Elizabeth Comen, diplômée de la Harvard Medical School en 2004 et du Harvard College en 2000, a retracé l’histoire des négligences médicales concernant la santé féminine. Ce phénomène trouve ses racines dans le passé, où la profession médicale était majoritairement masculine, interprétant la normalité et l’anormalité à travers le prisme du corps masculin. Les femmes étaient souvent perçues comme trop émotives, au point que l' »hystérie » féminine a figuré dans le Manuel diagnostique et statistique des troubles mentaux (DSM) jusqu’en 1980. Les attitudes médicales dominantes, axées sur le contrôle et la stigmatisation, ont également mis l’accent sur la sexualité des femmes de manière disproportionnée par rapport à leurs besoins réels en matière de soins.

« La question est : comment cela se manifeste-t-il dans notre système de santé aujourd’hui ? Parce que nous sommes tellement évolués. Mais le sommes-nous ? » s’est interrogée Comen, dont l’entretien a été mené par Janet Rich-Edwards, directrice de l’épidémiologie du parcours de vie au Brigham and Women’s Hospital et professeure agrégée à la Harvard Medical School et à l’école de santé publique Harvard T.H. Chan.

Cet héritage d’attitudes biaisées perdure. Elizabeth Comen a cité des exemples concrets : les médecins sont deux fois plus susceptibles de discuter de dysfonctionnements sexuels avec des patients masculins atteints de cancer qu’avec leurs homologues féminines. De même, dans le domaine de la chirurgie esthétique, des témoignages font état de suggestions récurrentes d’implants mammaires plus volumineux par des chirurgiens hommes. Plus grave encore, des femmes souffrant d’anxiété sont parfois surdiagnostiquées, masquant ainsi des problèmes de santé sous-jacents légitimes.

Elle a partagé le cas d’une patiente de 34 ans atteinte d’un cancer du sein métastatique. Malgré un contexte de traumatisme et d’isolement familial, le traitement avait permis de réduire significativement la maladie. Cependant, lors d’une infection à la COVID-19, la patiente a présenté des symptômes neurologiques (bégaiement, tremblements) qui ont été mis sur le compte de l’anxiété.
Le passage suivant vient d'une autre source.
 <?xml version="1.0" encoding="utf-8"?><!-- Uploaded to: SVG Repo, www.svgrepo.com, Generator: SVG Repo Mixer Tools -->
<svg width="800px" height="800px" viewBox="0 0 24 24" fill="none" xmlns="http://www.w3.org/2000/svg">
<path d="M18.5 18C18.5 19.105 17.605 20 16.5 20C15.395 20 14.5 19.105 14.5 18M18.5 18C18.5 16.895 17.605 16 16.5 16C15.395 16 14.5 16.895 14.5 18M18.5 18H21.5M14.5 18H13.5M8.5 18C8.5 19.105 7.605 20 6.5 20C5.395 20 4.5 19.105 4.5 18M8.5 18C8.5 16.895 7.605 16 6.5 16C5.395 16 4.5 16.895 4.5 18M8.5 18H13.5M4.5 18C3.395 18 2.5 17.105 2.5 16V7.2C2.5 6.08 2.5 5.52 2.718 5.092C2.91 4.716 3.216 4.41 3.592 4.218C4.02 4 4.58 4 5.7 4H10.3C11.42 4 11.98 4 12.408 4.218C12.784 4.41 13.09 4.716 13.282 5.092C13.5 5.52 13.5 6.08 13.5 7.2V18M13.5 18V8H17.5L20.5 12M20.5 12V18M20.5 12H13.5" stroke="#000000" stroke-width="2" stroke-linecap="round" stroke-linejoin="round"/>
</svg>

Ce n’est qu’après l’insistance d’Elizabeth Comen pour une consultation neurologique que la situation a pu être réévaluée. Comen a alors partagé une autre observation troublante : une autre patiente COVID, sans antécédents d’anxiété, s’automutilait physiquement. Ces cas ont soulevé des questions sur les atteintes neurologiques potentiellement ignorées chez les femmes, rappelant d’autres situations, comme l’endométriose, où les symptômes sont trop souvent attribués à un « tout est dans votre tête », faute d’investissements suffisants pour comprendre ces pathologies.

Le tableau de la santé féminine n’est cependant pas entièrement sombre. Les avancées ayant amélioré la santé de la population en général, telles que l’assainissement, la vaccination et les antibiotiques, ont également bénéficié aux femmes. Ces dernières jouissent d’une espérance de vie plus longue que les hommes à l’échelle mondiale. Deborah Kado, professeure de médecine et cheffe de la recherche gériatrique à la faculté de médecine de l’université de Stanford, a précisé qu’une jeune fille née aujourd’hui peut espérer vivre jusqu’à 100 ans, soit des décennies de plus qu’il y a un siècle. Néanmoins, cette longévité accrue a un revers : les femmes peuvent s’attendre à passer 12 à 15 années de leur vie en mauvaise santé, une période significativement plus longue que celle des hommes.

Colin Hill, co-fondateur et PDG d’Aitia, une entreprise spécialisée dans l’utilisation de l’intelligence artificielle (IA) pour le développement de nouvelles thérapies, a exprimé un optimisme prudent quant à l’avenir. Il a rappelé que la science médicale ne comprend actuellement les mécanismes fondamentaux des maladies – l’interaction entre gènes et protéines – que pour environ 5% des pathologies. Les puissants outils d’IA développés et déployés aujourd’hui ont le potentiel de révolutionner le paysage médical et d’améliorer notre compréhension des 95% restants.

« Nous sommes maintenant au bord d’un véritable changement dans un certain nombre de maladies, en particulier celles qui touchent particulièrement les femmes, parce que nous avons maintenant la possibilité de commencer à procéder à une ingénierie inverse du système complexe actuel d’interactions de gènes et de protéines qui déterminent les résultats cliniques », a conclu Hill.